**Exercise goal:**
Every line in the records below between the one holding "cover by kind: broadleaved" and the one holding "longitude: 9.9265", inclusive, is to be set down exactly; all other lines are to be left out.

=== Data excerpts ===

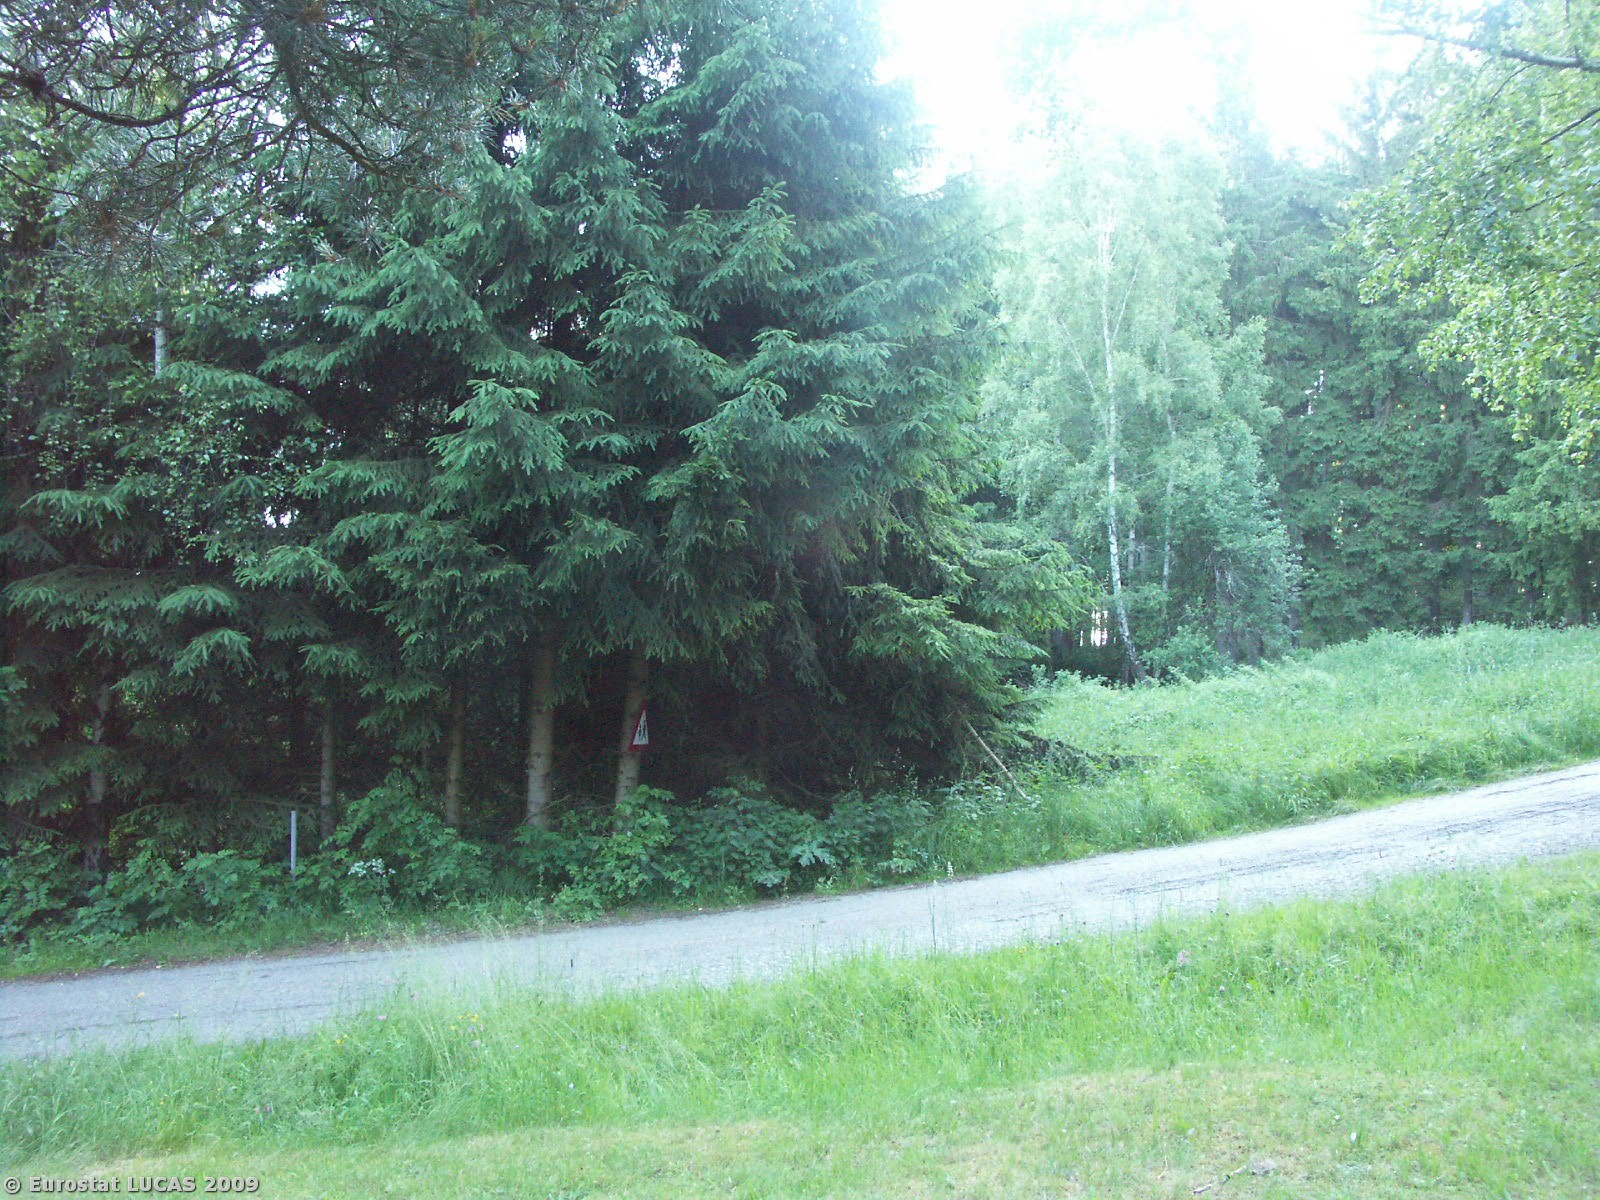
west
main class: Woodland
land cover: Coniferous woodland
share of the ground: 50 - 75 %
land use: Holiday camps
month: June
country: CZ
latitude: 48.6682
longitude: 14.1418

===
=== Data excerpts ===

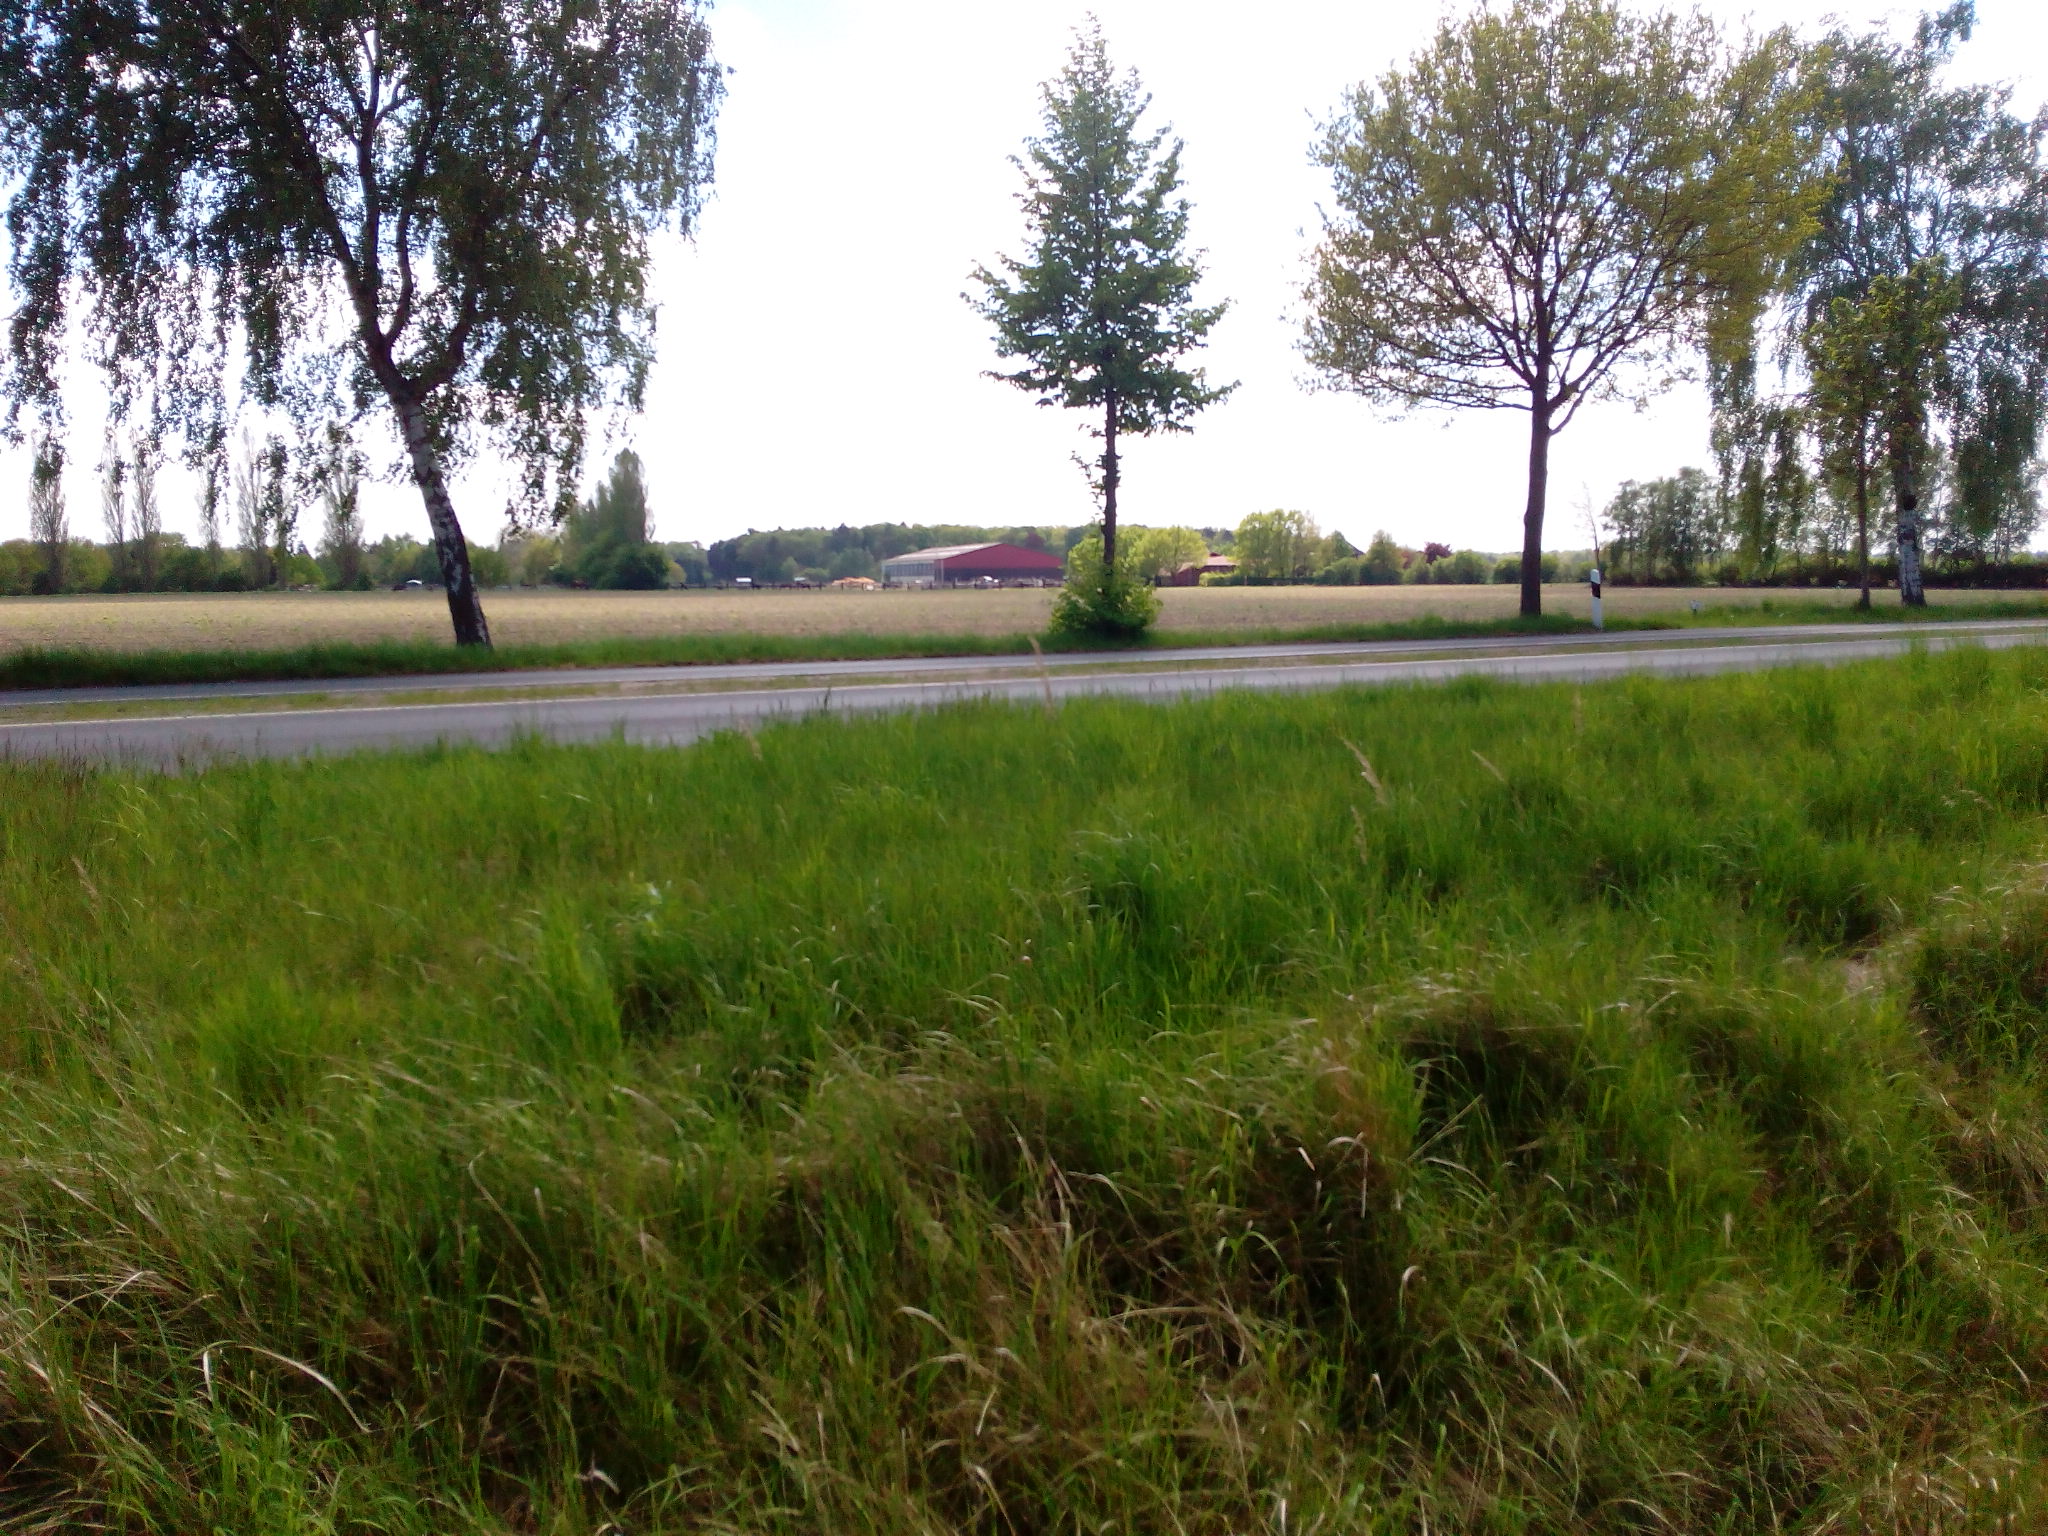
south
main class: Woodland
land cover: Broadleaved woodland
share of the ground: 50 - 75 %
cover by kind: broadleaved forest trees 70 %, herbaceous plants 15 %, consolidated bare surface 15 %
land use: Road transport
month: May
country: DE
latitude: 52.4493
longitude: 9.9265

===

**Solution below:**
cover by kind: broadleaved forest trees 70 %, herbaceous plants 15 %, consolidated bare surface 15 %
land use: Road transport
month: May
country: DE
latitude: 52.4493
longitude: 9.9265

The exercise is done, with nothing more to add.